The changing landscape of solution providers
As FIs move to embrace cloud technologies for operational risk management, they have a growing number of solutions to help with the migration. Vendors are evolving multiple types of offerings that service different risk-based focus areas. Fintech and regtech providers are launching new, innovative propositions to solve deep-rooted problems in financial services. Solutions from most new entrants have a cloud-first, if not cloud-native, approach. Concurrently, incumbent vendors are differentiating their solutions and offering new deployment options to make those solutions cloud-friendly or even cloud native.
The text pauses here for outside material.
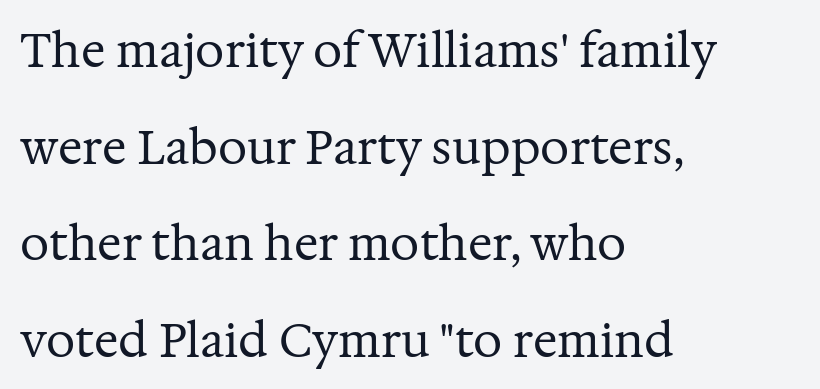
The image shows 46 px regular-weight serif type, upright; set left-aligned, loose line spacing (2.1x), normal letter spacing, not underlined; medium stroke contrast and a medium x-height.
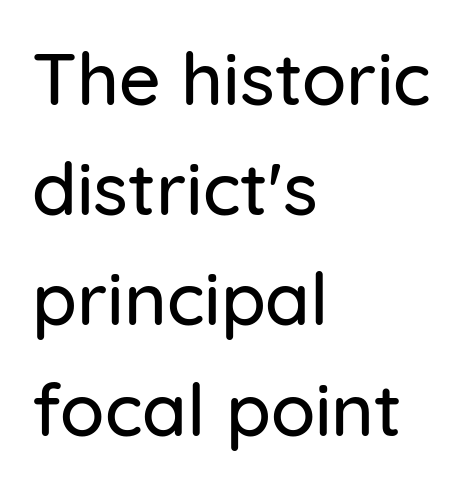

These solution providers must also step up to help with the adoption of their offerings. This includes everything from developing an ecosystem strategy (i.e., where vendors benefit from major platform economies and the marketplaces emerging from cloud developments), support for clients moving their operational risk functions from on-premises to the cloud, and clear information about common pitfalls and success stories.
Next steps for financial institutions
To embrace the cloud effectively, FIs can move gradually. Migrating operational risk systems is often performed after moving other critical systems to the cloud and as part of broader enterprise-wide initiatives. Some medium-sized companies that may not have organization-wide cloud strategies may still use cloud solutions, such as software-as-a-service (SaaS), for some operational risk functions. FIs, cautious to avoid vendor lock-in as they migrate to the cloud, may also consider multi-cloud strategies to match applications to the most appropriate environment(s).
As FIs strategize about their medium-to-long-term technology choices, cloud is certain to play a significant role. Today, that’s true even for the critical functions of operational risk.
Arin Ray is a former analyst with Celent’s risk practice.